In an ideal Europe, Ursula Von der Leyen would already have a major project on the table for the next five years of her mandate if she really intended to fully follow up, with concrete, ambitious and consistent measures, the Draghi and Letta reports on future of the European Union. European competitiveness and the continued development of the single market, without using it as an “a la carte” menu, in which you can only take a few items of your choice, ignoring or discarding the others.

We can already predict that there will be a lack of political will on the part of the Commission and the Member States to finally implement a real European industrial policy. And that there will be a lack of financing, both public and private, to finance the enormous investments necessary for the green transition while remaining competitive, according to Mario Draghi's recommendations.
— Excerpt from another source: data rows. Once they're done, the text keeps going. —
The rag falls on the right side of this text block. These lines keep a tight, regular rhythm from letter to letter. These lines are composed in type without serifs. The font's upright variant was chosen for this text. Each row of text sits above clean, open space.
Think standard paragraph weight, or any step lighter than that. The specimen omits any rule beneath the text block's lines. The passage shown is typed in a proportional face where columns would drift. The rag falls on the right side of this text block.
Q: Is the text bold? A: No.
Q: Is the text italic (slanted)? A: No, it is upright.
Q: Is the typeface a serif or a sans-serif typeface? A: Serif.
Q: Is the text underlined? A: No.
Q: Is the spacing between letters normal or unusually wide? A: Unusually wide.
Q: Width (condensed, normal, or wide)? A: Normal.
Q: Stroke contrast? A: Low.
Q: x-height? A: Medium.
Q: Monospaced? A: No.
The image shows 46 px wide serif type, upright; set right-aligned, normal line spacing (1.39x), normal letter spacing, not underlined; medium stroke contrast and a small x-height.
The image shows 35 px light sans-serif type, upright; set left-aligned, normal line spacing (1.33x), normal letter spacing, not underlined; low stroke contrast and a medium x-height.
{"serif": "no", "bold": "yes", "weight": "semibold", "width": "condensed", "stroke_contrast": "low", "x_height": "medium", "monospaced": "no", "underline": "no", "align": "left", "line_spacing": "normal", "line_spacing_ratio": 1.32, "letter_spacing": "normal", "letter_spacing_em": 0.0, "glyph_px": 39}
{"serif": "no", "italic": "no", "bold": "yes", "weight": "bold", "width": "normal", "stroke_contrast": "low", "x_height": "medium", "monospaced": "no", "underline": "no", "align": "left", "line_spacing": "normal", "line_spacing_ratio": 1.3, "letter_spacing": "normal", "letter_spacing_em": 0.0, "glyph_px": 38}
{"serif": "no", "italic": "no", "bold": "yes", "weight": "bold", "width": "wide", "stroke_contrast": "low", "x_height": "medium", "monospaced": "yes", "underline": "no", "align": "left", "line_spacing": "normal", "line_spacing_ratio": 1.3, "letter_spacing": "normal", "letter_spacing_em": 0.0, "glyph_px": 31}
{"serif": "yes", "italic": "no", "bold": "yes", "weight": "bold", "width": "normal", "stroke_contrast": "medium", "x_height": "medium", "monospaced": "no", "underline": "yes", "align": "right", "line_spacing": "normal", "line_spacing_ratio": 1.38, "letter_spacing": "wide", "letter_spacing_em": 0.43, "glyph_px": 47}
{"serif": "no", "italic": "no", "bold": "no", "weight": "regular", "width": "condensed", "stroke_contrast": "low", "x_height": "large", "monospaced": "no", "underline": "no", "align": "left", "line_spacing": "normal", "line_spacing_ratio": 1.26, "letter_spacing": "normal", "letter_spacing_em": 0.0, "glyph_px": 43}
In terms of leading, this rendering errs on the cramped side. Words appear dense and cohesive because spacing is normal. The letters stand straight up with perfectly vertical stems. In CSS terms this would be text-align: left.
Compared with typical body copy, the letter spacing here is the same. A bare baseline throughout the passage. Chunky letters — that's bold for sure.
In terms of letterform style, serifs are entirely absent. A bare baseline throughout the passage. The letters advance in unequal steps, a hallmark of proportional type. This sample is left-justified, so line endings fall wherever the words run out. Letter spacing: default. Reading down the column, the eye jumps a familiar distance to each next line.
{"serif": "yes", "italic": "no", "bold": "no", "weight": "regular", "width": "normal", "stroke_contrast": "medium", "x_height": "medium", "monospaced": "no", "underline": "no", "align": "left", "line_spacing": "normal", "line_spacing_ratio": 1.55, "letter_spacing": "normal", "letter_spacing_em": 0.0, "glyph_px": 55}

Ultimately, one can predict, the (good) recommendation to simplify bureaucratic burdens for businesses will be primarily taken up, but interpreted (wrongly) as a call for deregulation.

Meanwhile, the confrontation is brewing between the two components of the “enlarged Ursula von der Leyen majority” which exceptionally voted for confidence, that of the center-left (S&D and Renew and Greens) and that of the center-right (EPP and ECR), a true unicorn which is unlikely to recur during votes on European legislation. We will see the “Venezuelan majority” again, that is to say an EPP-ECR alliance supported from the outside by the voices of the far-right groups of sovereignists (ESN) and “Patriots” (PFE). First whenever the opportunity arises to reverse course on the Green Deal, but soon also and above all on questions of immigration and asylum.